Excerpts from a dataset:
··········

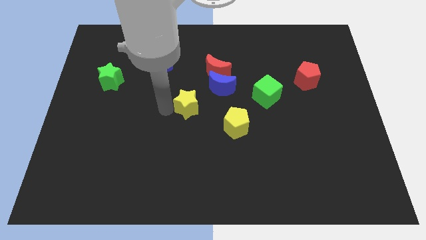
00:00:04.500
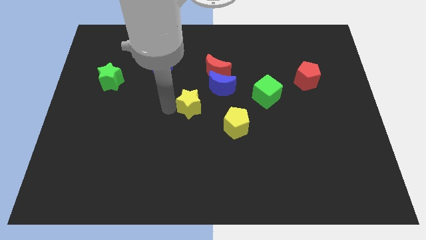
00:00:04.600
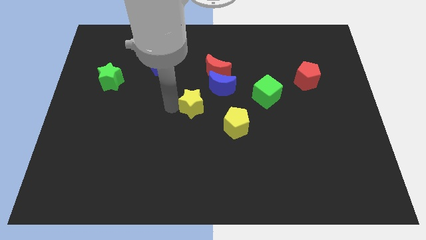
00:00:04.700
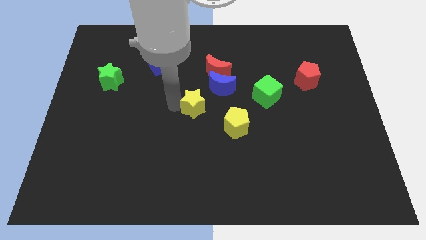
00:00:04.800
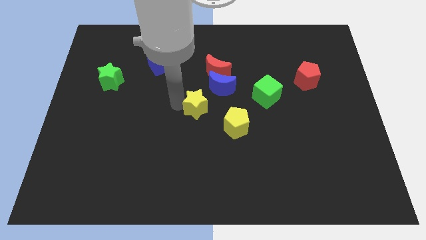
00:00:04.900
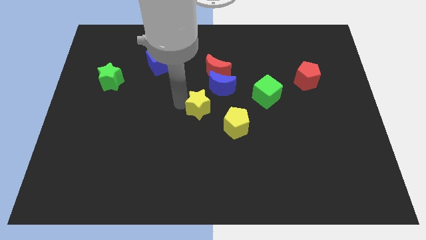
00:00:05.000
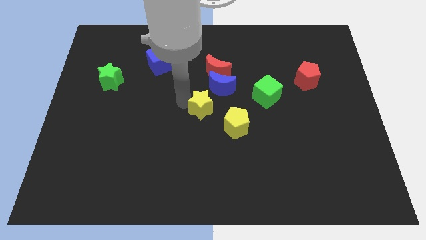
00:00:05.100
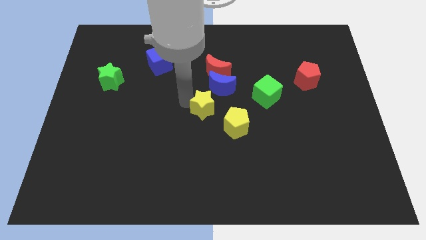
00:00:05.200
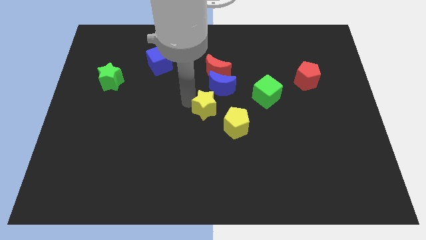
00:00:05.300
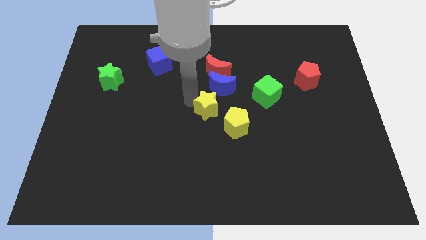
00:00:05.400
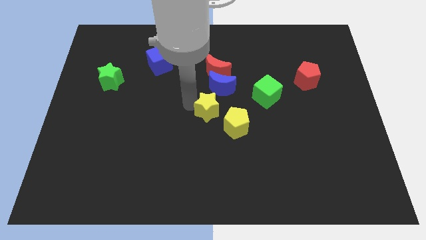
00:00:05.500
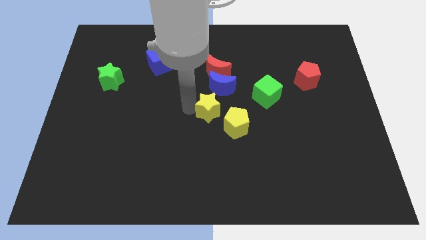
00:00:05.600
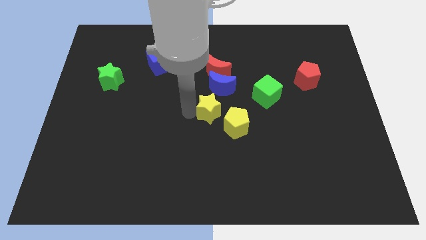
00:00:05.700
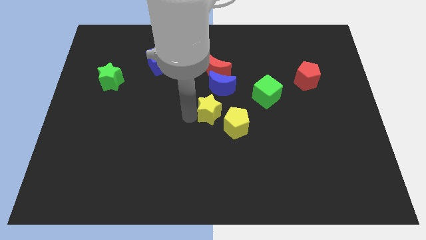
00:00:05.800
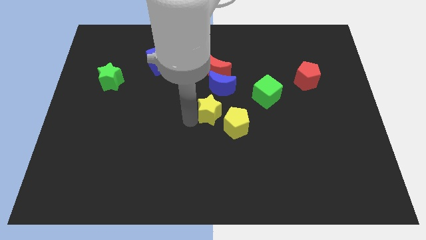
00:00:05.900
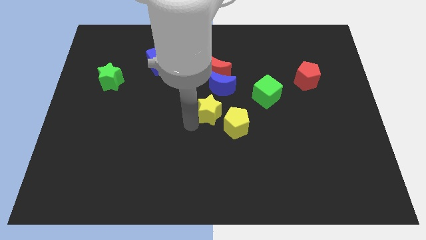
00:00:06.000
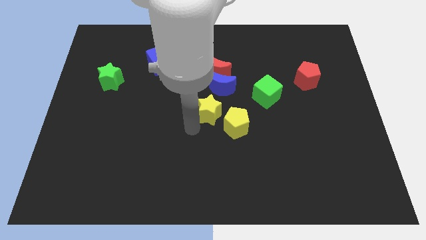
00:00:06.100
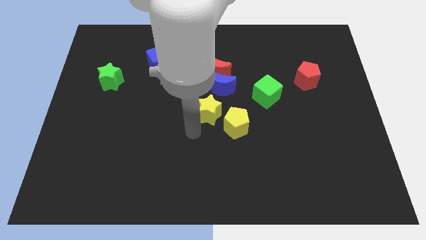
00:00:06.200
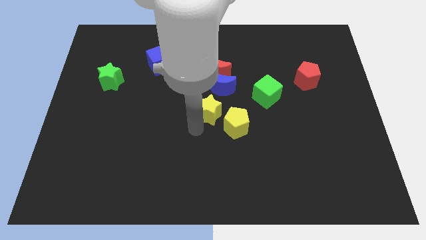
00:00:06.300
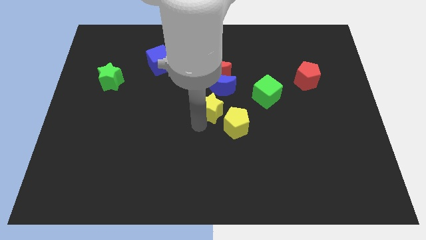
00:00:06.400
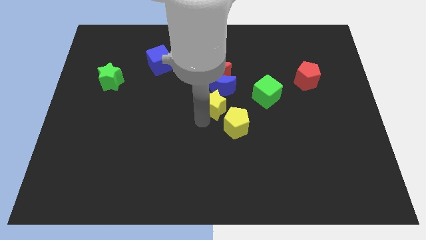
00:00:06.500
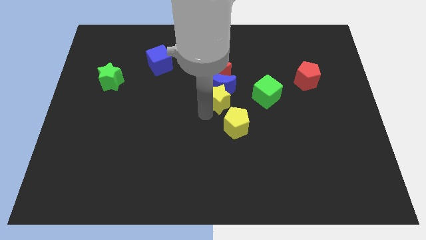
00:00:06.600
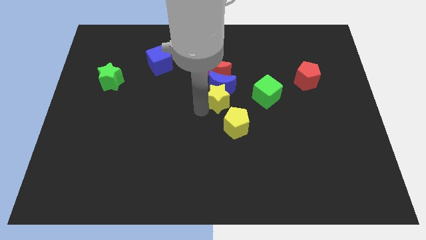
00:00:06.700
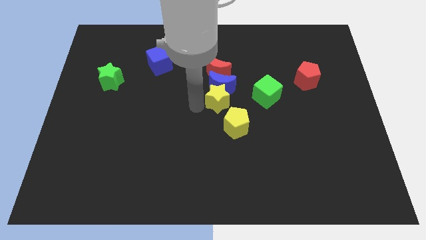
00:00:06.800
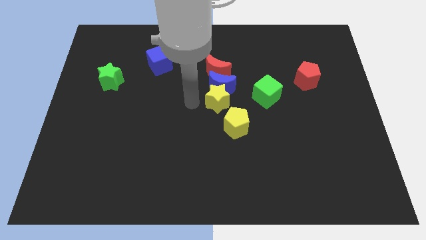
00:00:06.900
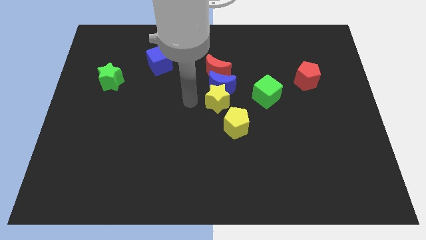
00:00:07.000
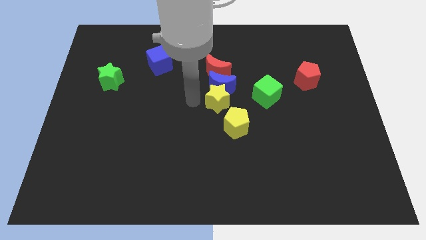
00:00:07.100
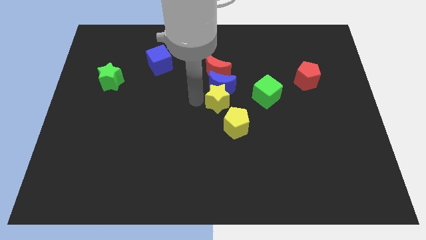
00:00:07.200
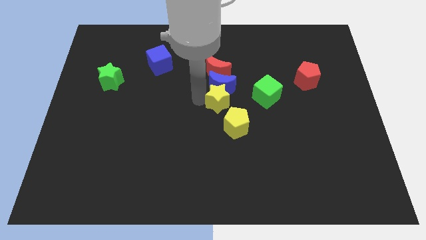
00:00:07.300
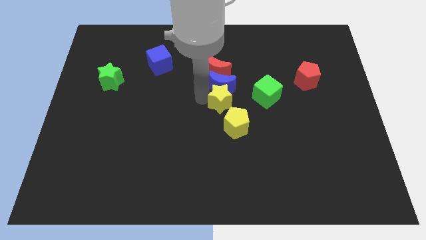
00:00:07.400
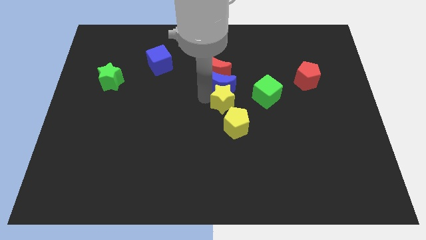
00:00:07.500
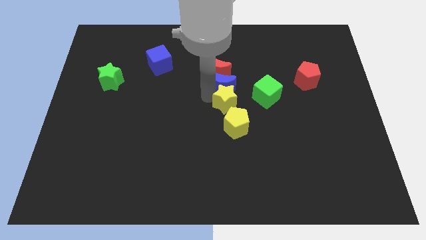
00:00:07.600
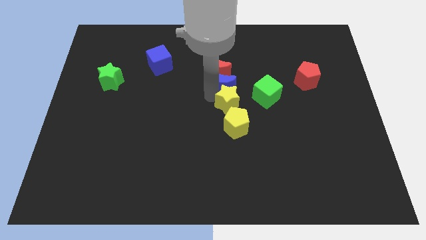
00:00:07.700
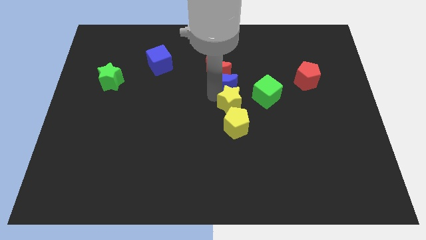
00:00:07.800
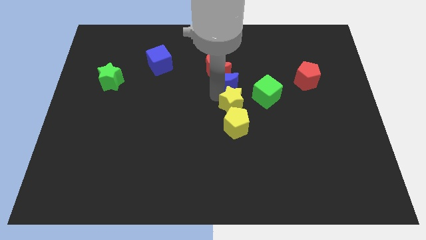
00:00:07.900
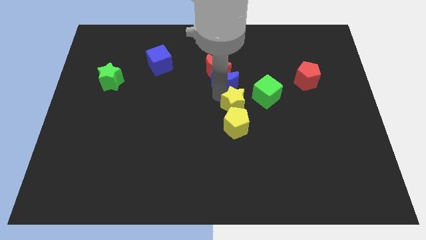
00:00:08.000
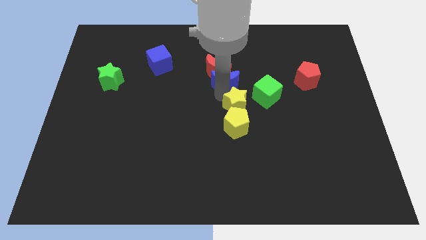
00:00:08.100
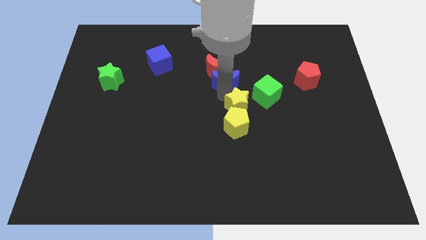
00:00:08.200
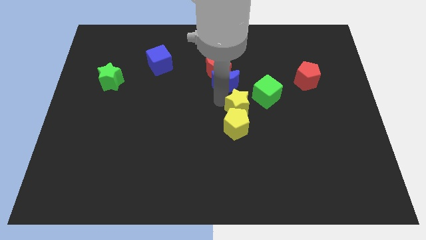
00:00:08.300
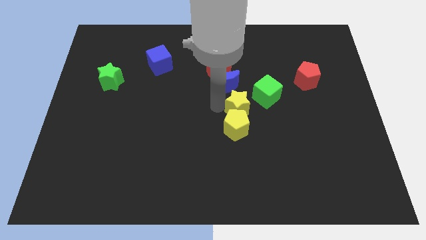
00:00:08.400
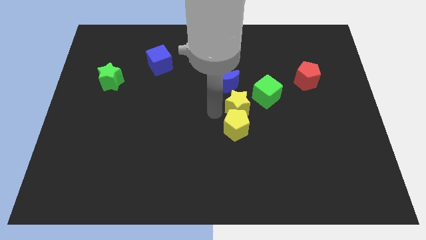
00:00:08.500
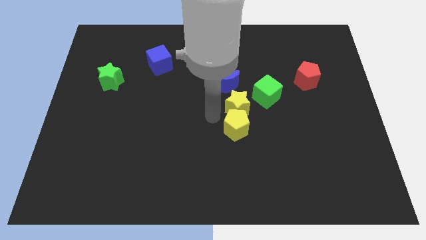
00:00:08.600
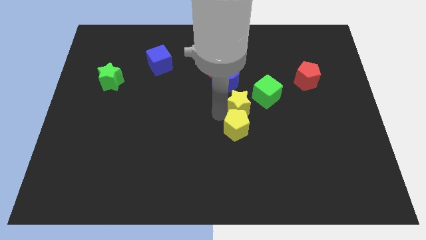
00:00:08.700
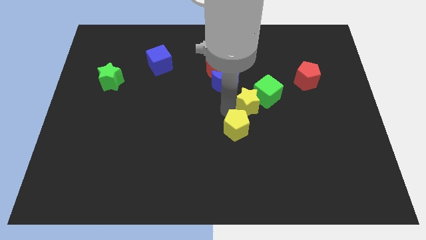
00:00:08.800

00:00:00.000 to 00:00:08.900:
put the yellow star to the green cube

··········

The problem
Exclude the images and output the lines above exactly.

Written response
00:00:04.500
00:00:04.600
00:00:04.700
00:00:04.800
00:00:04.900
00:00:05.000
00:00:05.100
00:00:05.200
00:00:05.300
00:00:05.400
00:00:05.500
00:00:05.600
00:00:05.700
00:00:05.800
00:00:05.900
00:00:06.000
00:00:06.100
00:00:06.200
00:00:06.300
00:00:06.400
00:00:06.500
00:00:06.600
00:00:06.700
00:00:06.800
00:00:06.900
00:00:07.000
00:00:07.100
00:00:07.200
00:00:07.300
00:00:07.400
00:00:07.500
00:00:07.600
00:00:07.700
00:00:07.800
00:00:07.900
00:00:08.000
00:00:08.100
00:00:08.200
00:00:08.300
00:00:08.400
00:00:08.500
00:00:08.600
00:00:08.700
00:00:08.800

00:00:00.000 to 00:00:08.900:
put the yellow star to the green cube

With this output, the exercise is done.